:: Exercise instructions ::
Write the data out again, character for character, with no images.

(Records from a collection)
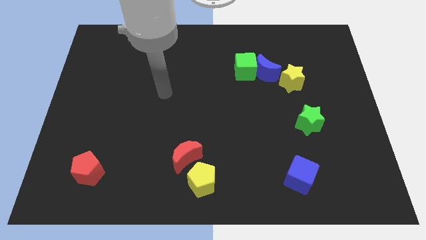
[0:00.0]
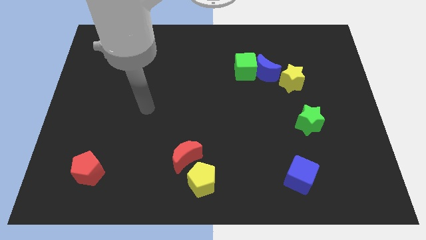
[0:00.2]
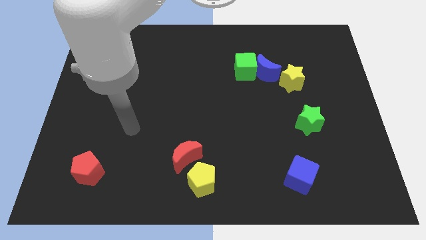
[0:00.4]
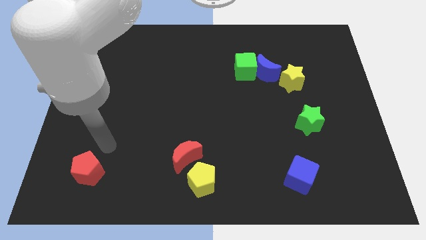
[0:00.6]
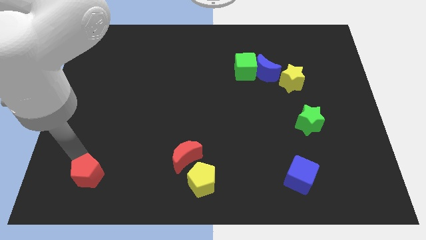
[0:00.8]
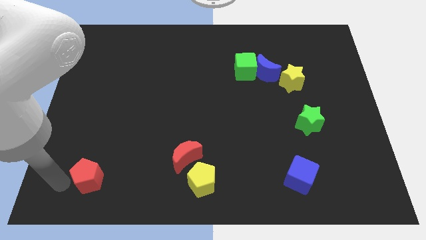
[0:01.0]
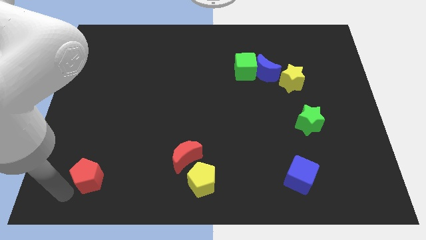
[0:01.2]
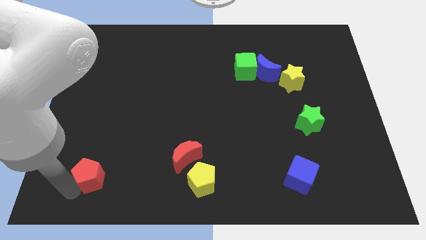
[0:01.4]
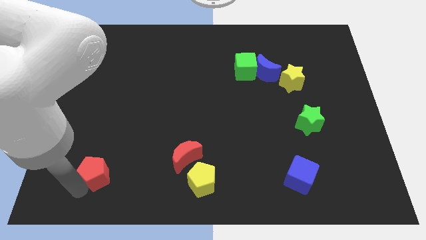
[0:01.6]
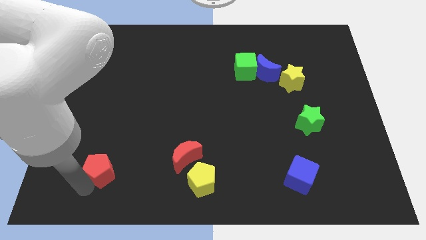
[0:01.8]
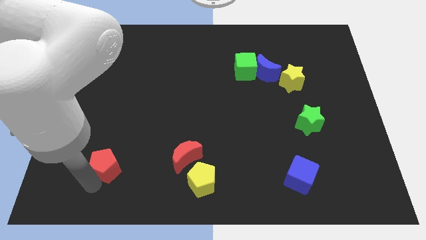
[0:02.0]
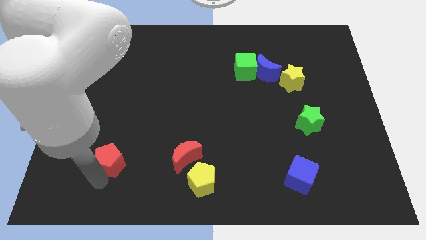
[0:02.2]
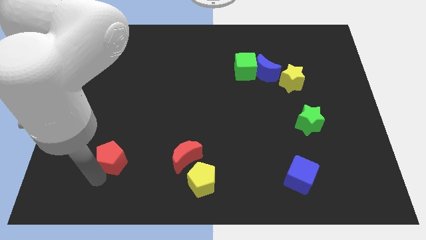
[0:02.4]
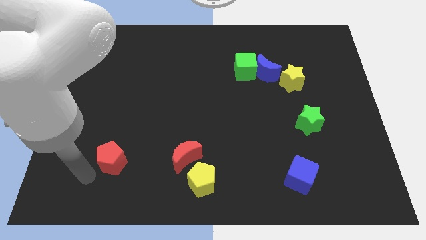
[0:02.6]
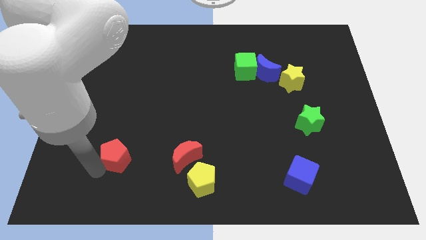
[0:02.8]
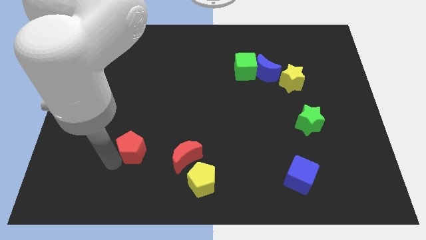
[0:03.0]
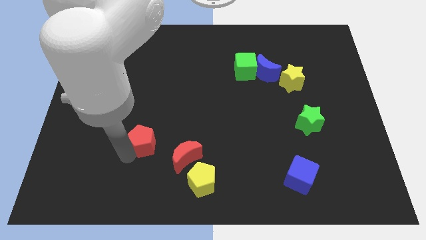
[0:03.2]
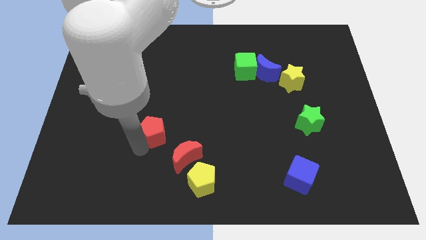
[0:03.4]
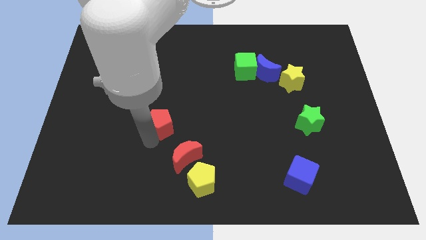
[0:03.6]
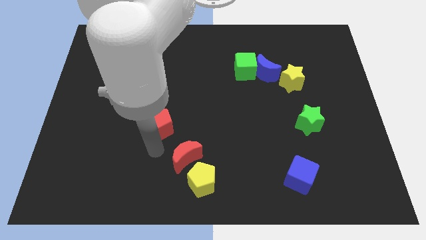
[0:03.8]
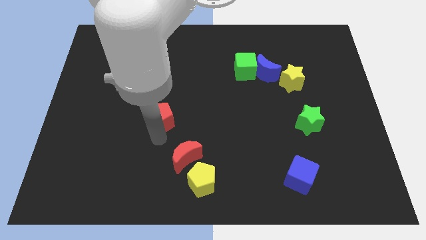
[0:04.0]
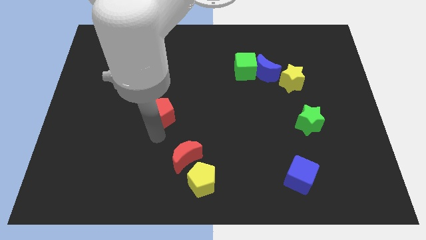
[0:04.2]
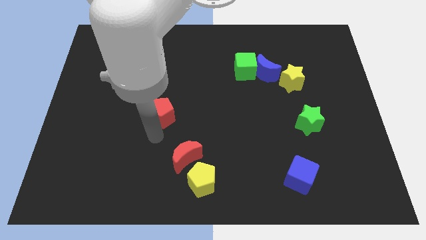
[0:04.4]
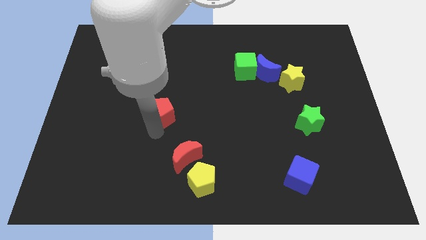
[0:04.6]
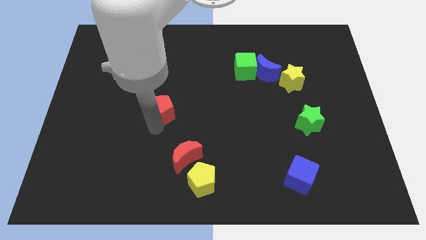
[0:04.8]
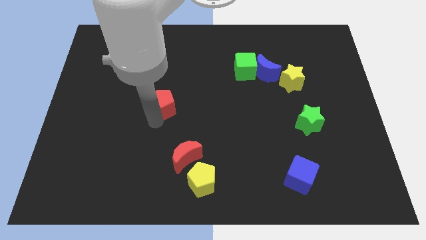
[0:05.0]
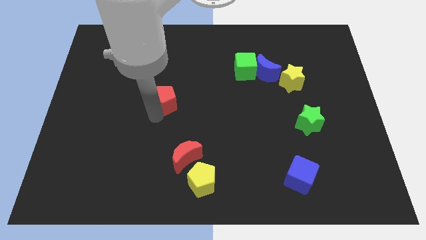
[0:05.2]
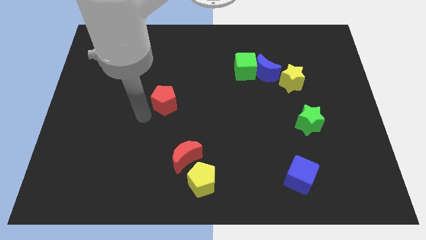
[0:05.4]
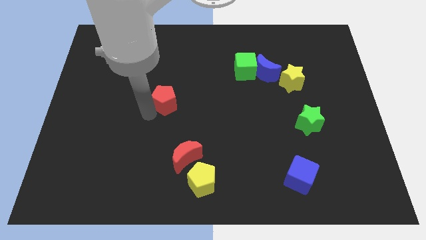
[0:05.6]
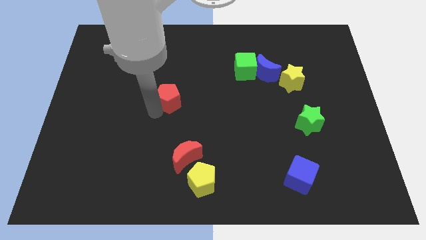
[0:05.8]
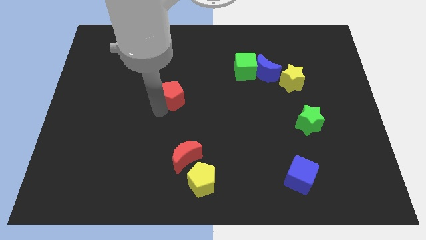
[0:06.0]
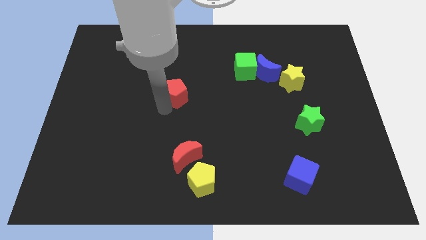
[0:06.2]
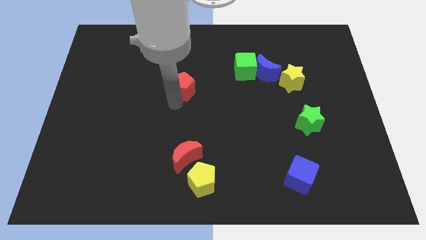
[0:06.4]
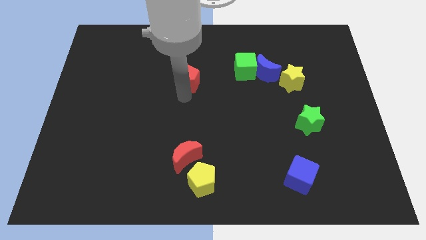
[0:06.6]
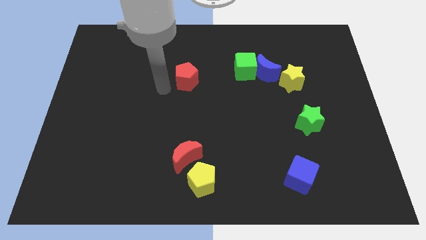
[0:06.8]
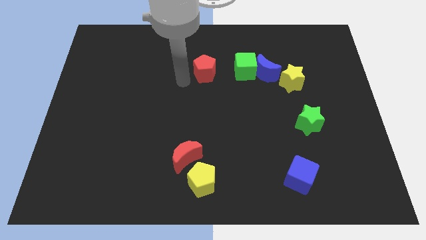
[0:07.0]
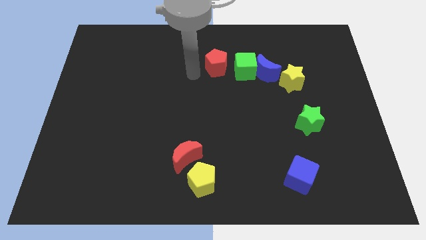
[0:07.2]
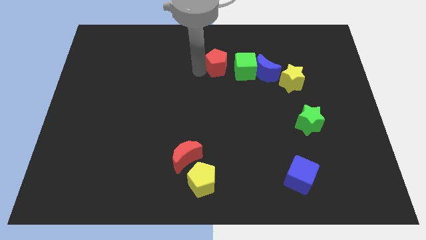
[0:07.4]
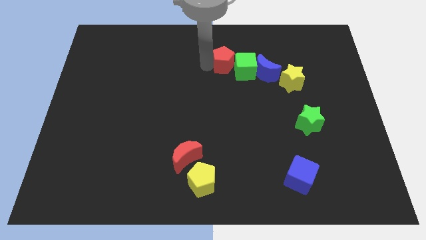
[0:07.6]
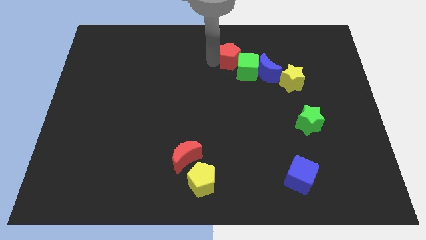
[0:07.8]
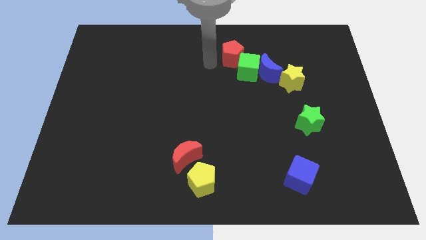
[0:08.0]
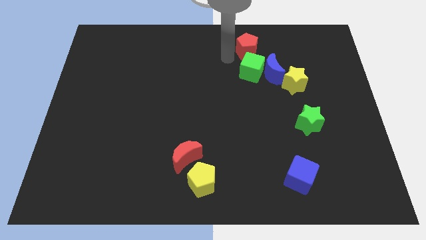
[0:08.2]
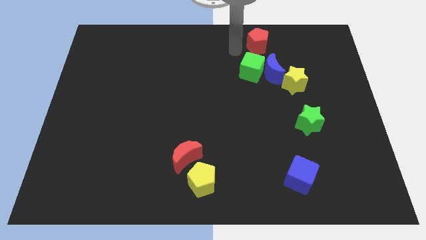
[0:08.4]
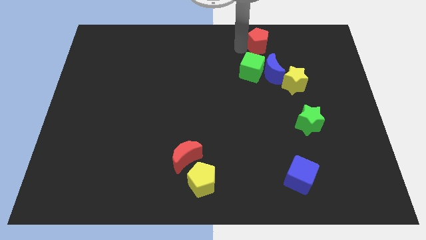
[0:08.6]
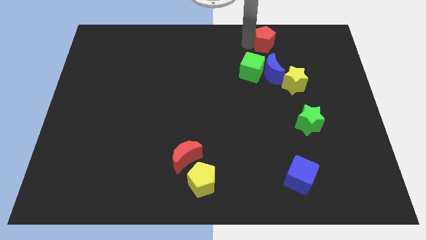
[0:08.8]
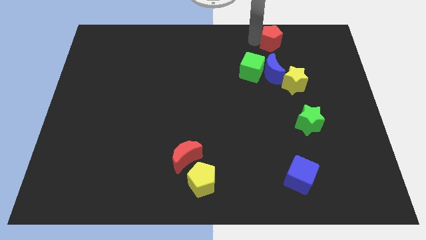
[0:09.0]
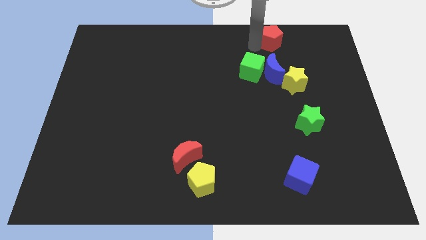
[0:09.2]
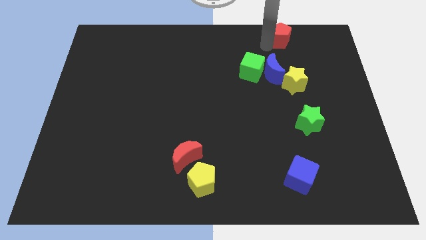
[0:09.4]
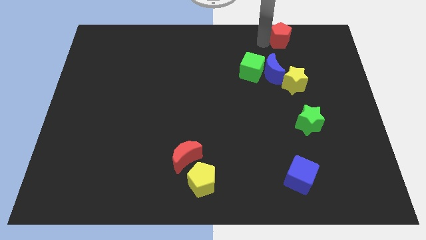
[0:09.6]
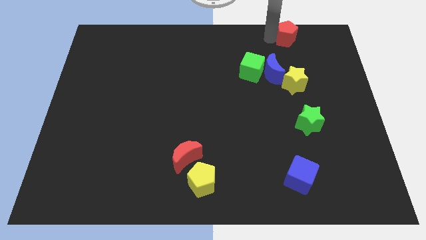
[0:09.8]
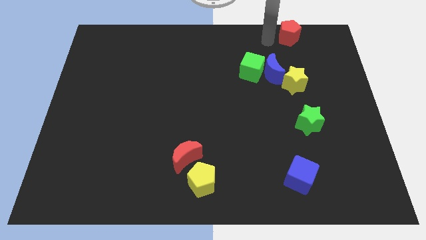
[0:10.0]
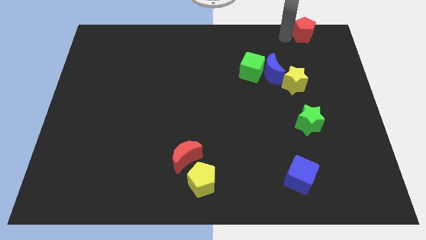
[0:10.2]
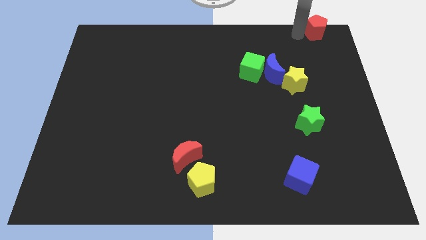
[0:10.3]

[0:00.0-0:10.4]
put the red pentagon to the upper right corner

:: Task response ::
[0:00.0]
[0:00.2]
[0:00.4]
[0:00.6]
[0:00.8]
[0:01.0]
[0:01.2]
[0:01.4]
[0:01.6]
[0:01.8]
[0:02.0]
[0:02.2]
[0:02.4]
[0:02.6]
[0:02.8]
[0:03.0]
[0:03.2]
[0:03.4]
[0:03.6]
[0:03.8]
[0:04.0]
[0:04.2]
[0:04.4]
[0:04.6]
[0:04.8]
[0:05.0]
[0:05.2]
[0:05.4]
[0:05.6]
[0:05.8]
[0:06.0]
[0:06.2]
[0:06.4]
[0:06.6]
[0:06.8]
[0:07.0]
[0:07.2]
[0:07.4]
[0:07.6]
[0:07.8]
[0:08.0]
[0:08.2]
[0:08.4]
[0:08.6]
[0:08.8]
[0:09.0]
[0:09.2]
[0:09.4]
[0:09.6]
[0:09.8]
[0:10.0]
[0:10.2]
[0:10.3]

[0:00.0-0:10.4]
put the red pentagon to the upper right corner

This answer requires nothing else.